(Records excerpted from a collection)
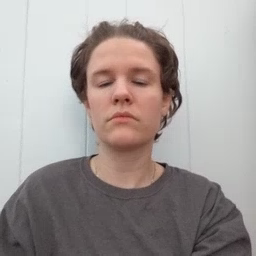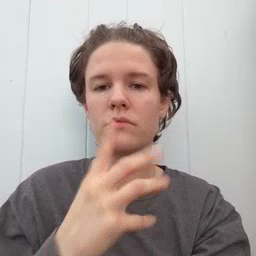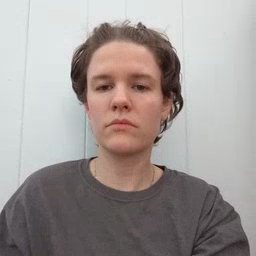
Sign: wet
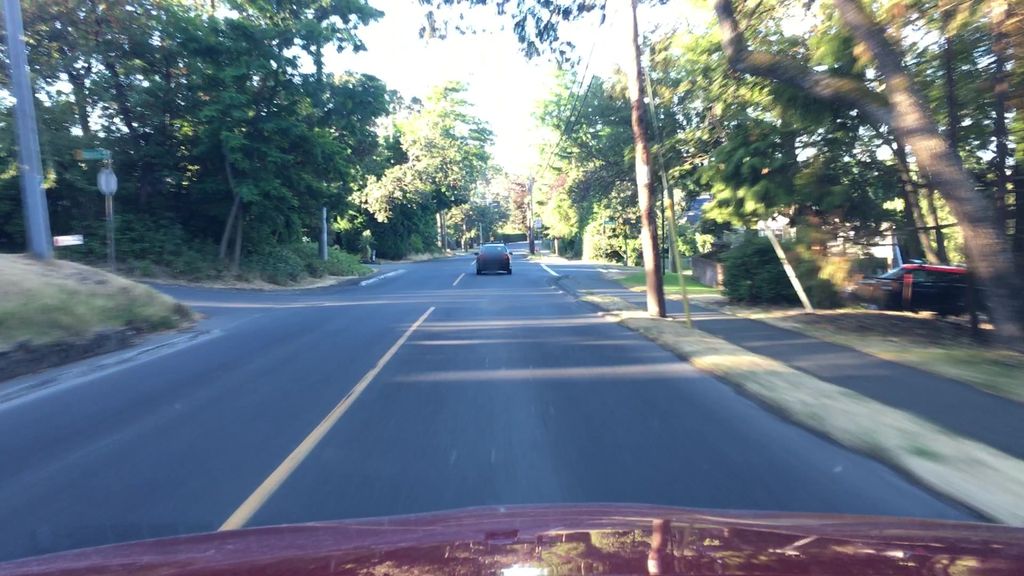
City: victoria
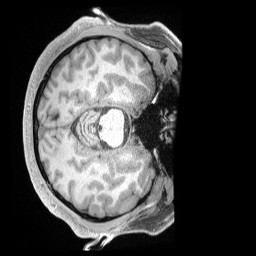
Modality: T1w
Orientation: axial
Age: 35
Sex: male
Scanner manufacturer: siemens
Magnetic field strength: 3 T
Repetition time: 2 s
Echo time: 0.00211 s
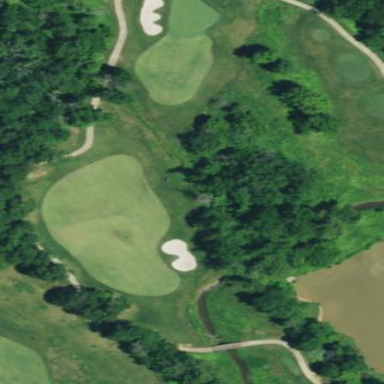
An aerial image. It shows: Grassy area designated as golf fairway.
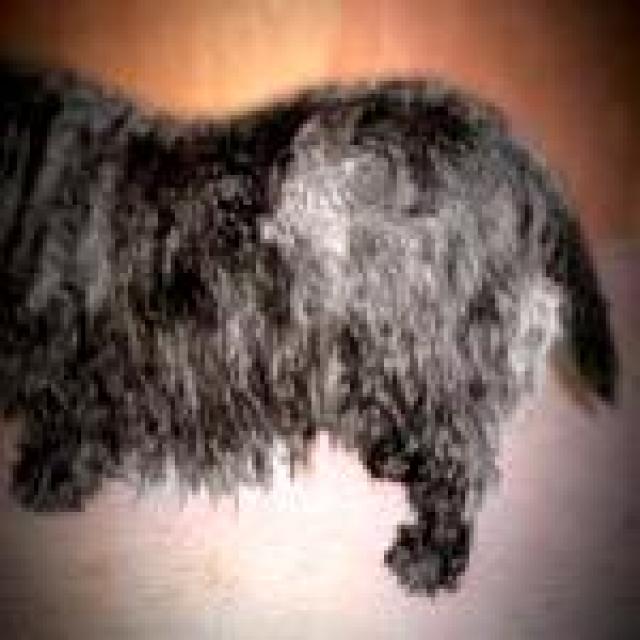
Canine fungal skin infection — characterized by alopecia, scaling, crusting, and circular lesions. Common agents include Malassezia and Candida species.
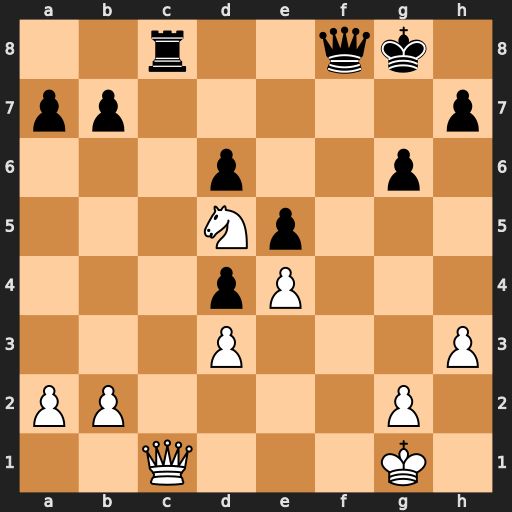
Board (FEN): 2r2qk1/pp5p/3p2p1/3Np3/3pP3/3P3P/PP4P1/2Q3K1
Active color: w
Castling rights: -
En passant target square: -
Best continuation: Qxc8 Qxc8 Ne7+ Kf7 Nxc8
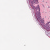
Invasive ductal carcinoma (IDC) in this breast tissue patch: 0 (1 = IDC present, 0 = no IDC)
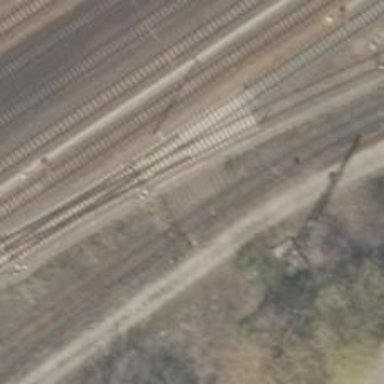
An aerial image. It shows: Unused railway yard.
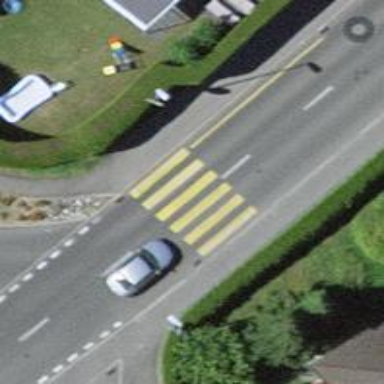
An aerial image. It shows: Kerb barrier.
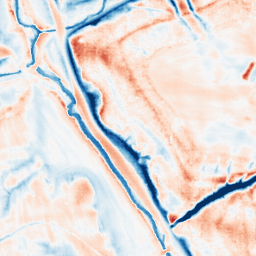
Category: edge_preserving
Decomposition family: guided
Decomposition parameters: radius: 8
eps: 0.01
Upsampling method: sinc_blackman
Upsampling parameters: scale: 8
kernel_size: 16
Upsampling scale: 8
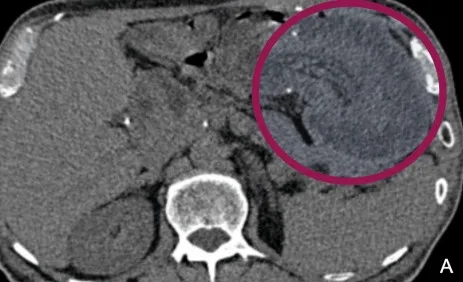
Abdominal CT. . Contrasted abdominal axial CT showing intestinal intussusception at the level of the gastrojejunal anastomosis within the stomach (circle), without subdiaphragmatic free air. (A) axial section.
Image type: radiology (ct)
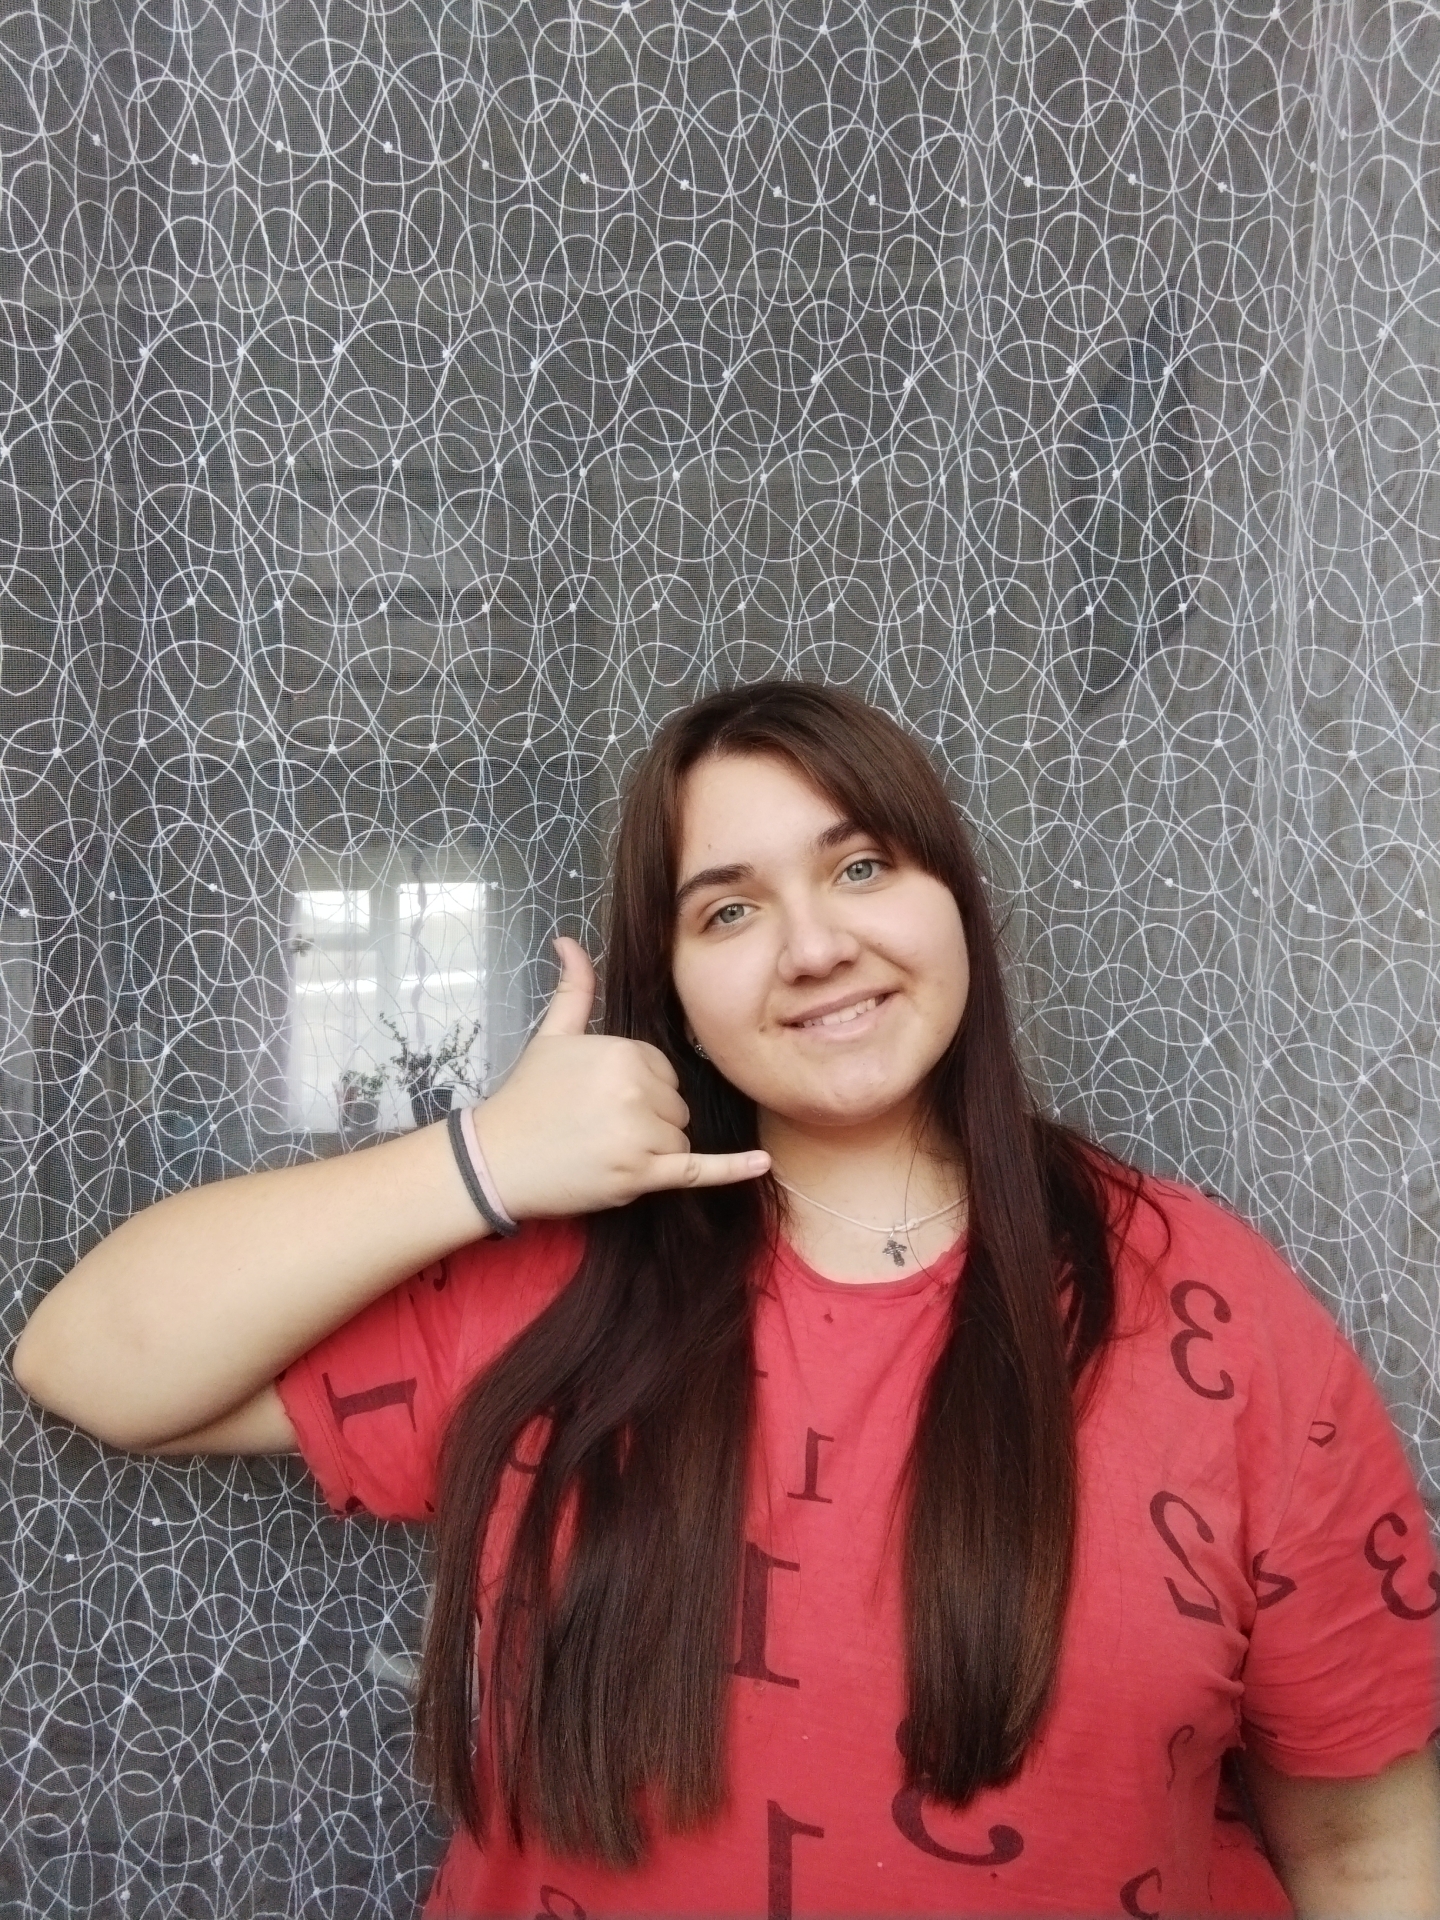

PROMPT –
Hand back the data exactly as it appears, with all pictures cut.

ANSWER FOR THE TASK –
Sign: wet
City: victoria
Modality: T1w
Orientation: axial
Age: 35
Sex: male
Scanner manufacturer: siemens
Magnetic field strength: 3 T
Repetition time: 2 s
Echo time: 0.00211 s
An aerial image. It shows: Grassy area designated as golf fairway.
Canine fungal skin infection — characterized by alopecia, scaling, crusting, and circular lesions. Common agents include Malassezia and Candida species.
Board (FEN): 2r2qk1/pp5p/3p2p1/3Np3/3pP3/3P3P/PP4P1/2Q3K1
Active color: w
Castling rights: -
En passant target square: -
Best continuation: Qxc8 Qxc8 Ne7+ Kf7 Nxc8
Invasive ductal carcinoma (IDC) in this breast tissue patch: 0 (1 = IDC present, 0 = no IDC)
An aerial image. It shows: Unused railway yard.
An aerial image. It shows: Kerb barrier.
Category: edge_preserving
Decomposition family: guided
Decomposition parameters: radius: 8
eps: 0.01
Upsampling method: sinc_blackman
Upsampling parameters: scale: 8
kernel_size: 16
Upsampling scale: 8
Abdominal CT. . Contrasted abdominal axial CT showing intestinal intussusception at the level of the gastrojejunal anastomosis within the stomach (circle), without subdiaphragmatic free air. (A) axial section.
Image type: radiology (ct)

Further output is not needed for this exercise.